Problem z refermentacją; brewkit

Znajdziecie wszystko o metodach warzenia piwa, jak uzyskać najlepszą warkę oraz odpowiedni smak domowego piwka.

Autor tematu
kord284
10
Posty: 13
Rejestracja: niedziela, 27 mar 2011, 19:13

Post autor: kord284 »

Witam.
Mam pewien problem. Zrobiłem piwo z brewkita, niepierwsze, ale pojawił się problem z brakiem gazu. Pierwsza fermentacja około 7 dni, blg 1. Zlałem na cichą, na ok 5 dni, blg nie zmienił się. Przelałem do butelek dość klarowne piwo, dodałem po 4 g cukru na półlitrową butelkę, odczekałem około 7 dni w temp około 20 *C i... Przy otwieraniu jest delikatne sssyk, ale piwo praktycznie nie ma gazu. Na dnie butelki minimalna ilość drożdży.
Umarły czy potrzebują czasu?
Co ewentualnie można zrobić? Piwo w smaku jak na ten okres dobre, ale brak gazu... to nie to.
Proszę o pomoc.
Awatar użytkownika

Zygmunt
5000
Posty: 5382
Rejestracja: czwartek, 7 maja 2009, 12:55
Podziękował: 39 razy
Otrzymał podziękowanie: 668 razy
Kontakt:
Re: Problem z refermentacją; brewkit

Post autor: Zygmunt »

Jakie drożdże? Infekcji nie wyczuwasz?
www.destylatorymiedziane.pl
"Zwykle jest tak, że im bardziej wóda śmierdzi drożdżami, pogonami i syfem, tym bardziej producent zasłania się "tradycją", "pracą w gorzelni" albo "dziadkiem bimbrownikiem"

Niki71
20
Posty: 26
Rejestracja: piątek, 29 lip 2011, 21:16
Otrzymał podziękowanie: 1 raz
Re: Problem z refermentacją; brewkit

Post autor: Niki71 »

Mała ilość gazu w 7 dni od zabutelkowania to nic nadzwyczajnego. Poza tym po co otwierać niedojrzałe, pracujące jeszcze piwo ?
Wszystko jest na forum, wystarczy poszukać - to taka złota myśl ... z podręcznika dla akwizytorów ;)

fancy3
30
Posty: 40
Rejestracja: sobota, 5 lut 2011, 20:43
Re: Problem z refermentacją; brewkit

Post autor: fancy3 »

Po 7 dniach ? to tylko bóg potrafi takie cuda. Drożdże potrzebują jakiś miesiąc na stworzenie czegoś tak cudownego jak dobre piwo :)

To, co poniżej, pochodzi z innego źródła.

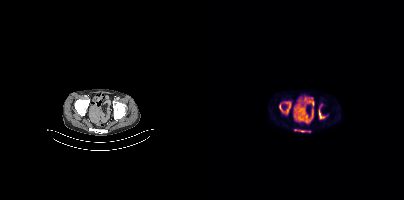
Coordinates are on the 200×200 PET (right) panel. PSMA-avid tumor lesion bounding boxes (x, y, width, height): x=75 y=101 w=13 h=14 | x=90 y=129 w=13 h=4 | x=115 y=110 w=6 h=9. Small PSMA-avid foci (2 to 4 px across) near (center x, center y): (117, 105) | (105, 131).

Poczekaj jeszcze trochę i wtedy sprawdź.

Autor tematu
kord284
10
Posty: 13
Rejestracja: niedziela, 27 mar 2011, 19:13
Re: Problem z refermentacją; brewkit

Post autor: kord284 »

Zygmunt pisze:Jakie drożdże? Infekcji nie wyczuwasz?
Drożdże... nie wiem. W torebce dołączonej do brewkita. Brewkit Coopers, jak dotąd nie było problemów. Pracowały przepisowo na fermentacji burzliwej. Przerobiły cukier i klops.
Niki71 pisze:Mała ilość gazu w 7 dni od zabutelkowania to nic nadzwyczajnego. Poza tym po co otwierać niedojrzałe, pracujące jeszcze piwo ?
Jeżeli, jak piszesz, "pracujące jeszcze piwo", to OK. Pytanie, czy drożdże pracują, bo efektów nie widać. Być może faktycznie potrzeba więcej czasu.
Dziękuję za pomocną, wyczerpującą odpowiedź. Bardzo mi pomogłeś(aś) ;)

Autor tematu
kord284
10
Posty: 13
Rejestracja: niedziela, 27 mar 2011, 19:13
Re: Problem z refermentacją; brewkit

Post autor: kord284 »

fancy3 pisze:Po 7 dniach ? to tylko bóg potrafi takie cuda. Drożdże potrzebują jakiś miesiąc na stworzenie czegoś tak cudownego jak dobre piwo :)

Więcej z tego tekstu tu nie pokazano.